Versatile Michael Urie, fresh from all his superb clowning in Gogol’s “The Government Inspector” at Red Bull Theater, here takes on the role of self-deprecating drag queen Arnold who longs for love and domesticity, the part so memorably created by Fierstein himself on stage and screen. And there’s a flawless ensemble comprising Ward Horton as Arnold’s first great love Ed (Ward Horton), immensely likable Roxanna Hope Radja as the not-so-deluded young woman Ed decides to marry, Michael Rosen as the young former hustler and model Alan who becomes Arnold’s second great love, Mercedes Ruehl as Arnold’s loving but overbearing mother, and Jack DiFalco as Arnold’s feisty adopted son.

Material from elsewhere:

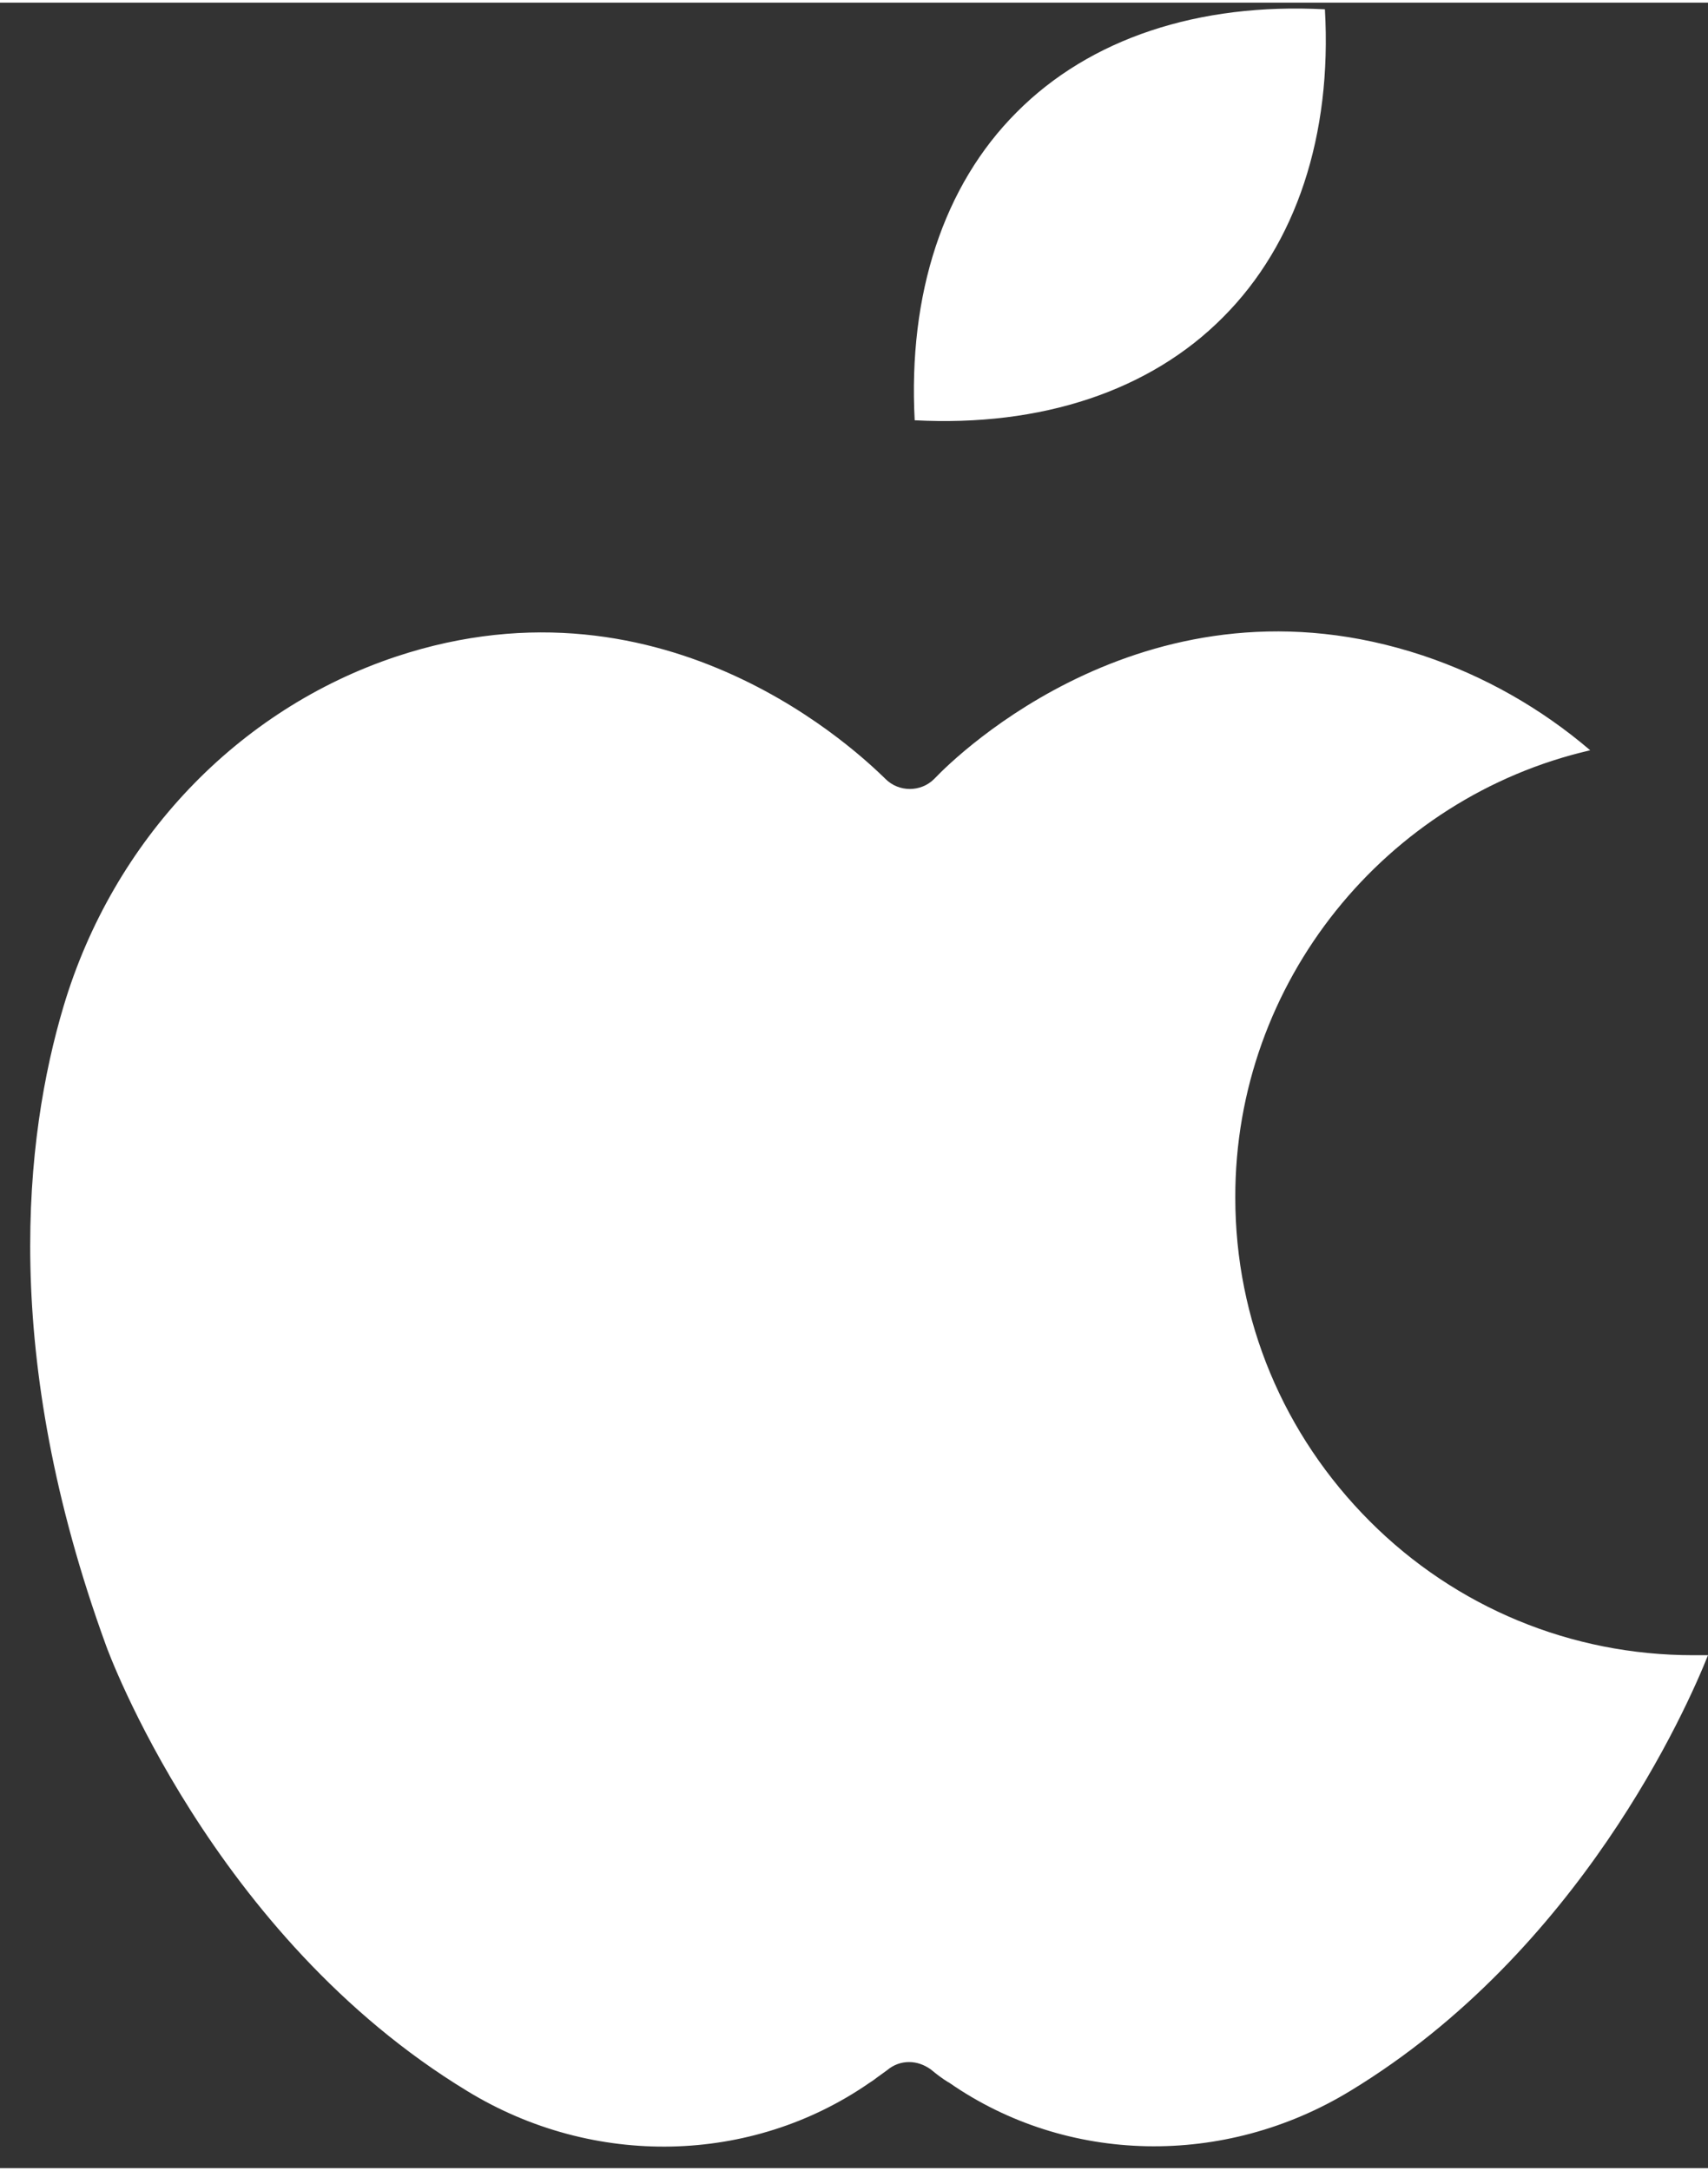 <?xml version="1.0" encoding="UTF-8" standalone="no"?><svg xmlns="http://www.w3.org/2000/svg" xmlns:xlink="http://www.w3.org/1999/xlink" fill="#ffffff" height="423" preserveAspectRatio="xMidYMid meet" version="1" viewBox="76.6 36.9 333.5 422.6" width="333" zoomAndPan="magnify"><rect x="76.6" y="36.9" width="333.5" height="422.6" fill="#333333" stroke="none"/><g><g clip-rule="evenodd" fill-rule="evenodd" id="change1_1"><path d="M154,164.5c-31,10.3-55.3,35.8-65,68.3c-7.6,25.5-12.4,67.9,8.3,124.7c0.2,0.6,20.6,56.7,70.6,87 c24.6,15,55.4,14.3,78.4-1.6l0.9-0.6c0.9-0.7,1.8-1.3,2.6-1.9c1.3-1.1,2.8-1.6,4.3-1.6c1.5,0,2.9,0.5,4.2,1.4 c1.2,1,2.4,1.9,3.4,2.5l0.2,0.1c23,16,53.8,16.6,78.4,1.6c44.8-27.2,65.7-74.7,69.8-85c-0.9,0-1.8,0-2.7,0l-0.2,0 c-23.8,0-46.3-9.3-63.1-26.1c-16.9-16.9-26.3-39.3-26.3-63.2c-0.1-42.1,29.4-78.1,69.3-87.3c-9.6-8.2-20.7-14.5-32.7-18.5 c-53.1-17.6-91.1,19.6-95.2,23.9l-0.2,0.2c-2.6,2.6-6.9,2.6-9.5,0l-0.2-0.2C245,184.1,207.1,146.9,154,164.5z"/><path d="M275.1,58.3c-14.3,14.3-21.2,35.5-19.9,60.1c24.7,1.3,45.9-5.7,60.2-20.1c14.3-14.3,21.3-35.5,19.9-60.1 C310.6,36.9,289.4,43.9,275.1,58.3z"/></g></g></svg>

The first portion, set in 1971, charts Arnold’s head-over-heels encounter with the sexually conflicted Ed and their breakup six months later. The second (now 1974) is played on a giant bed (scenic design by David Zinn) and presents various pairings (sexual and conversational) among Arnold, Ed, Laurel and Alan. And the third and best revolves around Ma coming up from Florida in 1980 to visit Arnold in his New York apartment where one than one surprise await her. The no-holds-barred confrontation between Arnold and Ma in that act has lost none of its power to sting. In fact, period piece though this is, “Torch Song” plays far less dated than one might have predicted. its themes and conflicts still resonate.

At times, Urie can’t help but channeling Fierstein -- the dialogue, after all, bears the husky-voiced actor/author’s own cadences -- but Urie’s portrayal is very much his own, and his comic timing enhances many scenes, as for instance, when he mimes the antics of a salacious backroom bar encounter. Ruehl, for her part, has the perfect sardonic delivery, successfully navigates the fine line between loving and hateful mother, and considerably enlivens the third act in which Arnold, in the aftermath of tragedy, must finally come to terms with his future.

Horton is appealing believable in his spectacularly conflicted role while DiFalco brings a bracing edge to his part that undercuts any sentimentality.

Clint Ramos’s costumes, like Zinn’s sets, evoke the 1970s perfectly, enhanced by David Lancer’s lighting and Fitz Patton’s sound designs.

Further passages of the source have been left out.